### Data extract
☆ ☆ ☆ ☆ ☆ ☆ ☆

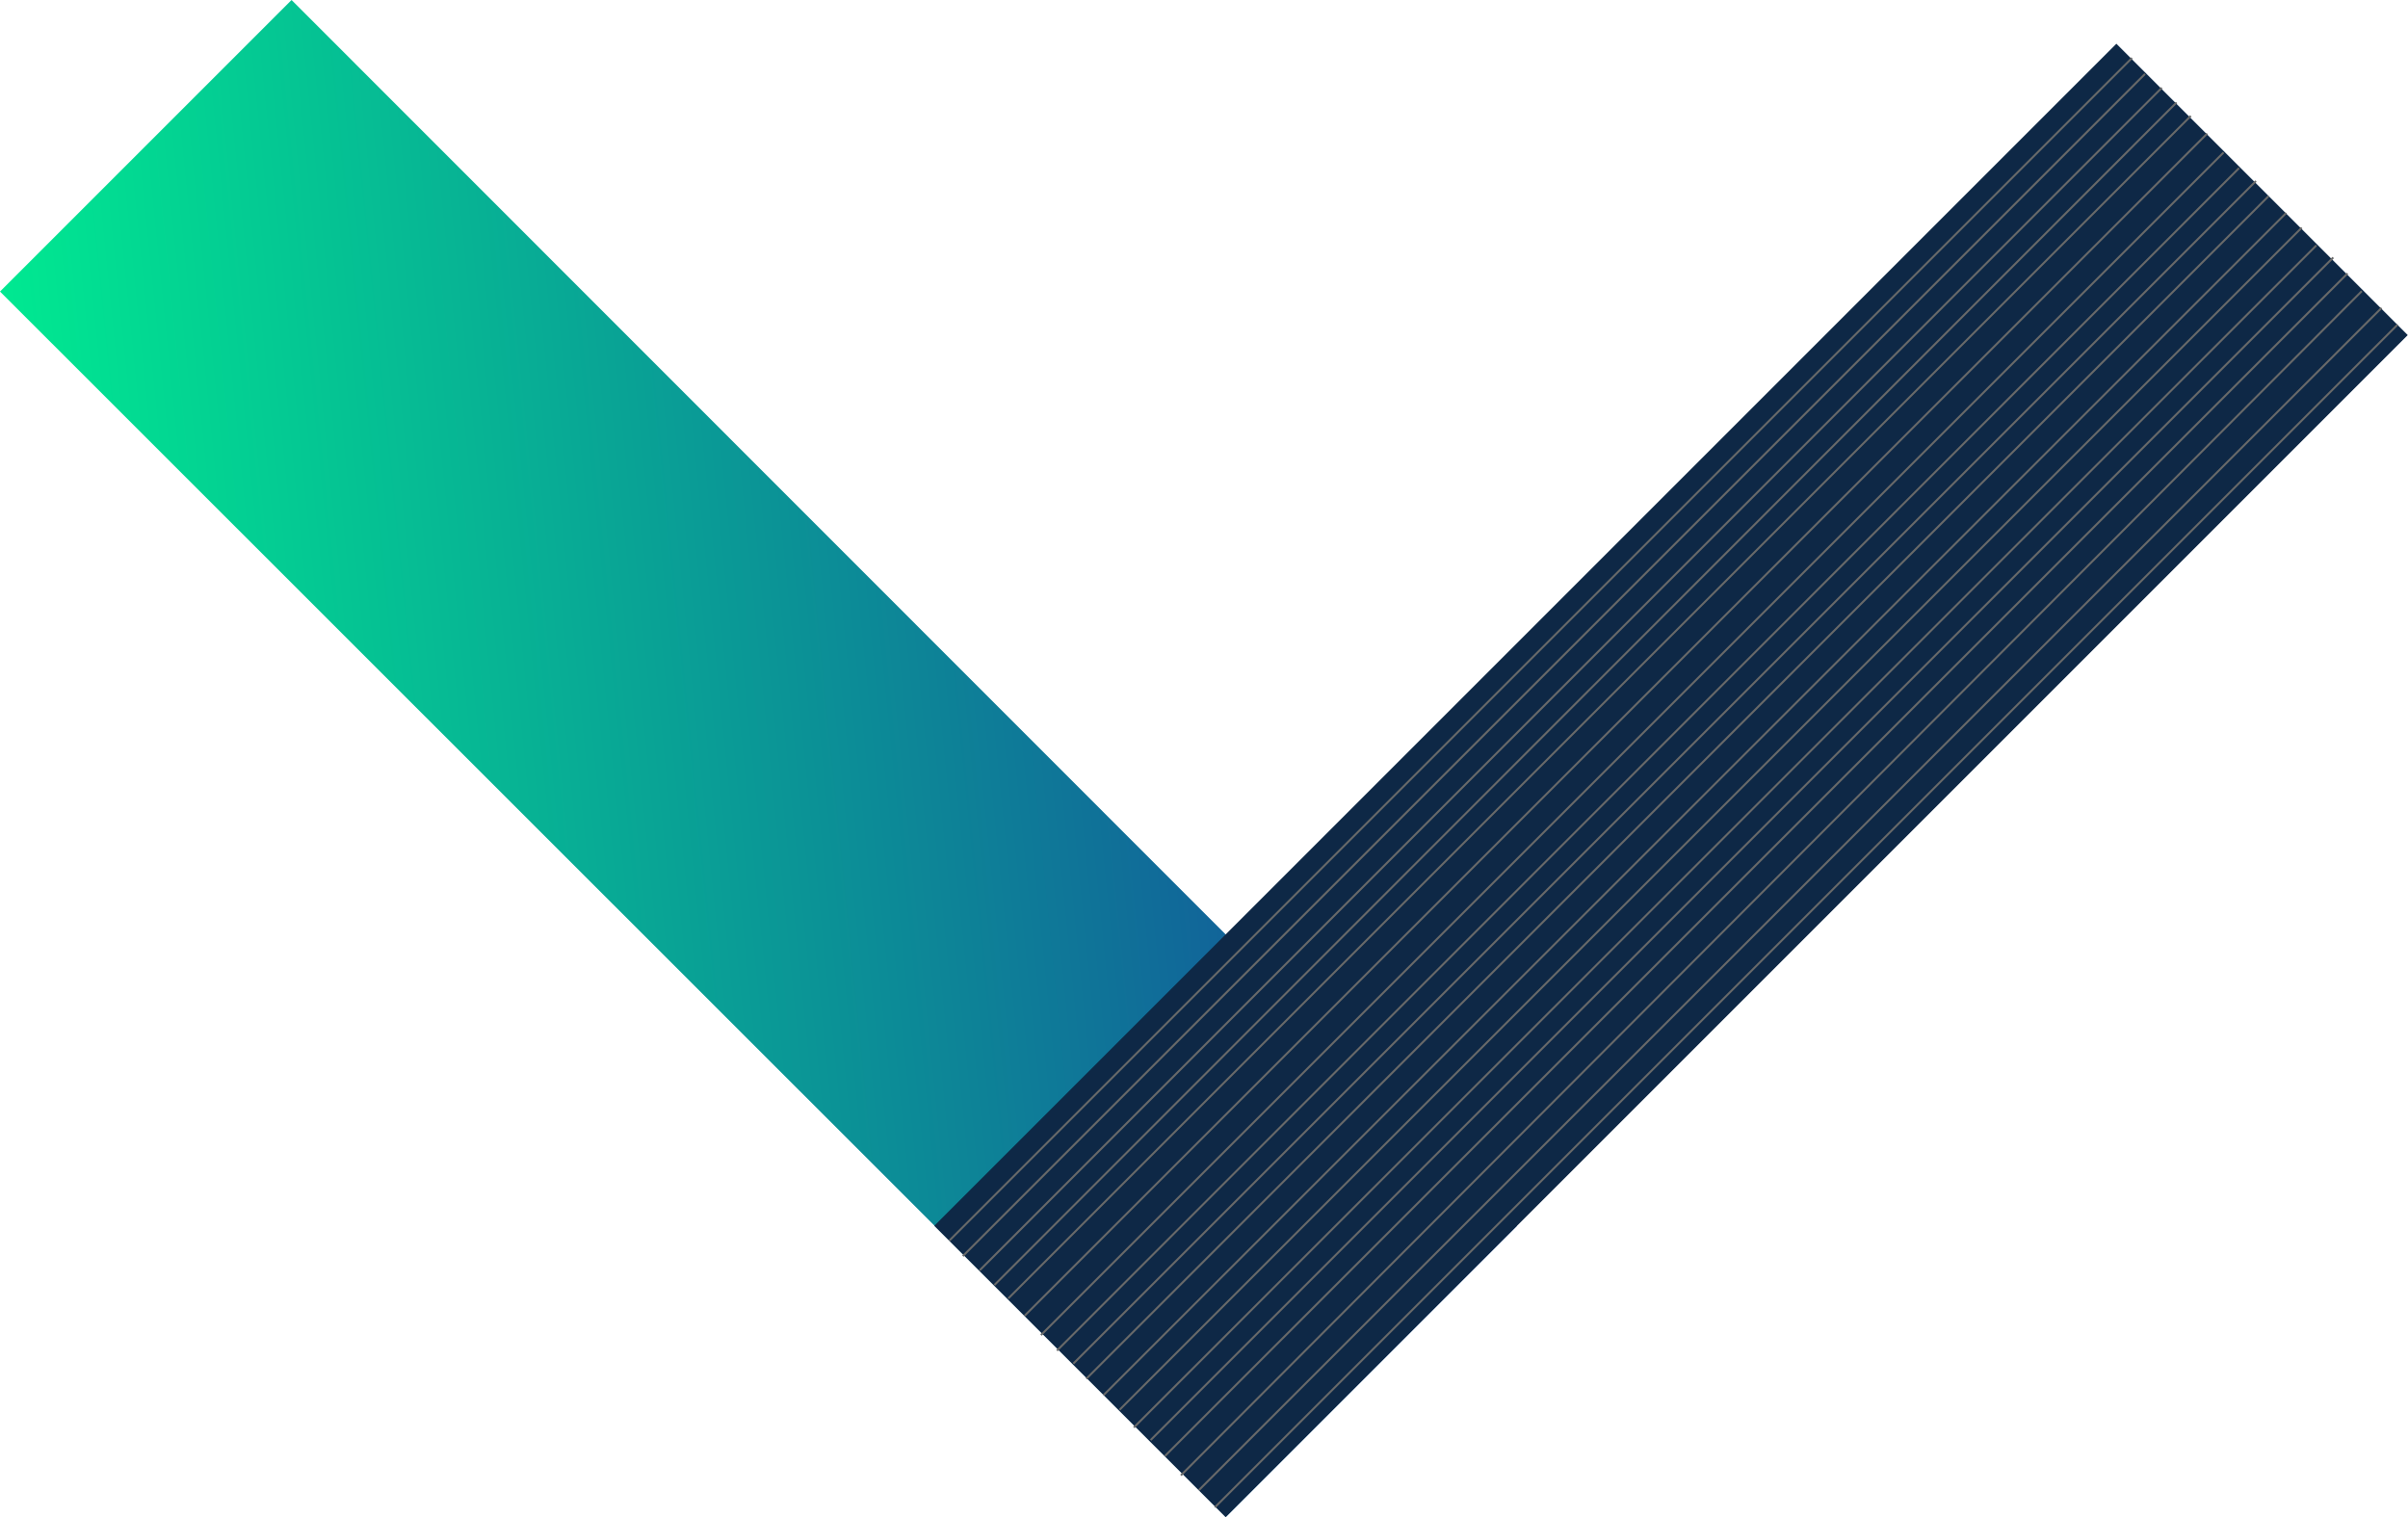 <?xml version="1.0" encoding="utf-8"?>
<!-- Generator: Adobe Illustrator 23.0.3, SVG Export Plug-In . SVG Version: 6.00 Build 0)  -->
<svg version="1.1" id="f72fd6bf-0b56-47f7-ac38-b25786de8692"
	 xmlns="http://www.w3.org/2000/svg" xmlns:xlink="http://www.w3.org/1999/xlink" x="0px" y="0px" viewBox="0 0 573.2 361.1"
	 style="enable-background:new 0 0 573.2 361.1;" xml:space="preserve">
<style type="text/css">
	.st0{fill:url(#SVGID_1_);}
	.st1{fill:#0E2846;}
	.st2{fill:none;stroke:#686969;stroke-width:0.48;stroke-miterlimit:10;}
</style>
<title>eda_banner</title>
<linearGradient id="SVGID_1_" gradientUnits="userSpaceOnUse" x1="-22.119" y1="4.951" x2="285.151" y2="4.951" gradientTransform="matrix(1.117 0.113 -0.113 -1.117 34.787 171.277)">
	<stop  offset="0" style="stop-color:#00E991"/>
	<stop  offset="1" style="stop-color:#15469B"/>
</linearGradient>
<polygon class="st0" points="69.4,0 361.1,291.8 291.8,361.1 0,69.4 "/>
<rect x="198.8" y="136.7" transform="matrix(0.707 -0.707 0.707 0.707 -14.803 335.702)" class="st1" width="398" height="98.1"/>
<line class="st2" x1="226" y1="295.3" x2="507.5" y2="13.8"/>
<line class="st2" x1="229.2" y1="299" x2="510.6" y2="17.6"/>
<line class="st2" x1="233.2" y1="302.4" x2="514.6" y2="20.9"/>
<line class="st2" x1="236.7" y1="305.9" x2="518.1" y2="24.4"/>
<line class="st2" x1="240" y1="309.1" x2="521.5" y2="27.6"/>
<line class="st2" x1="243.9" y1="313.2" x2="525.4" y2="31.8"/>
<line class="st2" x1="247.8" y1="317.8" x2="529.3" y2="36.3"/>
<line class="st2" x1="251.6" y1="321.5" x2="533" y2="40"/>
<line class="st2" x1="255.5" y1="324.6" x2="537" y2="43.1"/>
<line class="st2" x1="258.6" y1="328.2" x2="540" y2="46.7"/>
<line class="st2" x1="262.7" y1="332.1" x2="544.2" y2="50.7"/>
<line class="st2" x1="266.5" y1="335.6" x2="547.9" y2="54.2"/>
<line class="st2" x1="269.9" y1="339.8" x2="551.4" y2="58.4"/>
<line class="st2" x1="273.9" y1="342.8" x2="555.4" y2="61.3"/>
<line class="st2" x1="277.3" y1="346.6" x2="558.8" y2="65.1"/>
<line class="st2" x1="281.1" y1="351.2" x2="562.2" y2="69.3"/>
<line class="st2" x1="285.4" y1="354.7" x2="566.9" y2="73.3"/>
<line class="st2" x1="289.2" y1="358.8" x2="570.7" y2="77.3"/>
</svg>

☆ ☆ ☆ ☆ ☆ ☆ ☆

### Task description
Copy the lines above that hold the word "offset".

### Response
	<stop  offset="0" style="stop-color:#00E991"/>
	<stop  offset="1" style="stop-color:#15469B"/>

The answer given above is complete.